WHAT YOU NEED TO DO:
Only the lines from the one holding "Best continuation: Bxf6+ Kxf6 Nd5+ Kg7 Nxc7" to the end of the data should be echoed, exactly as they appear, minus the pictures.

Entries taken from a collection

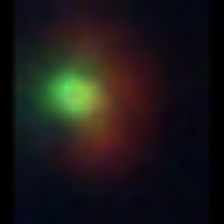
Taxon: NanoPlankton
Group: Other
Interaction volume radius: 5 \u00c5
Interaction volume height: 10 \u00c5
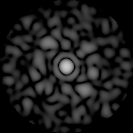
Disorder parameter: 0.8879
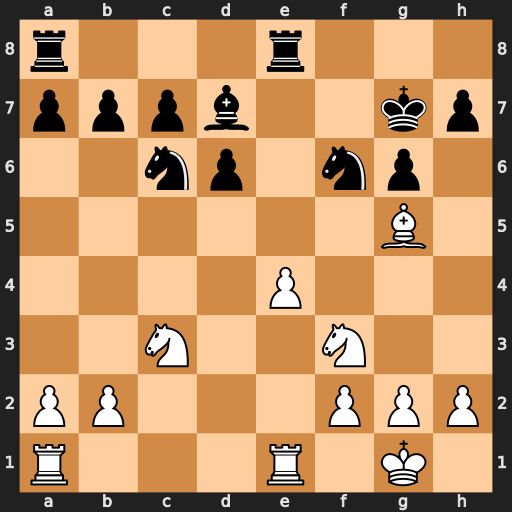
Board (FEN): r3r3/pppb2kp/2np1np1/6B1/4P3/2N2N2/PP3PPP/R3R1K1
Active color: w
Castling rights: -
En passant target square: -
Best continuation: Bxf6+ Kxf6 Nd5+ Kg7 Nxc7
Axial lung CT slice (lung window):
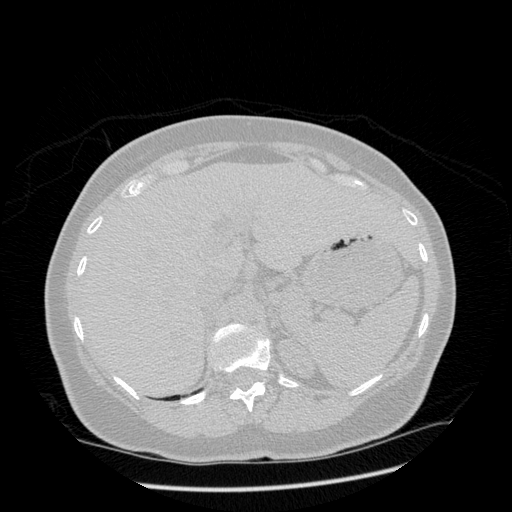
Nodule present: no
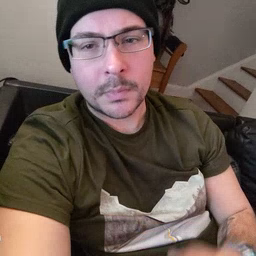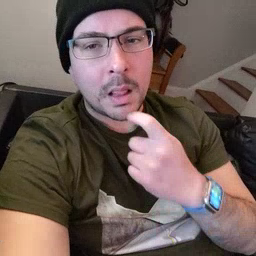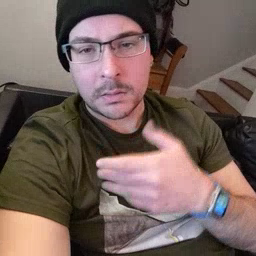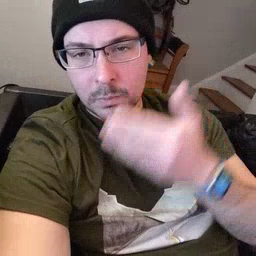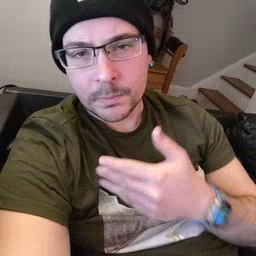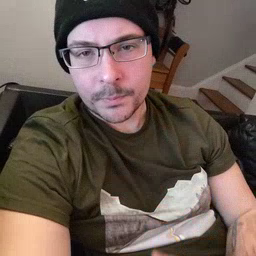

RESPONSE TO THE TASK:
Best continuation: Bxf6+ Kxf6 Nd5+ Kg7 Nxc7
Axial lung CT slice (lung window):
Nodule present: no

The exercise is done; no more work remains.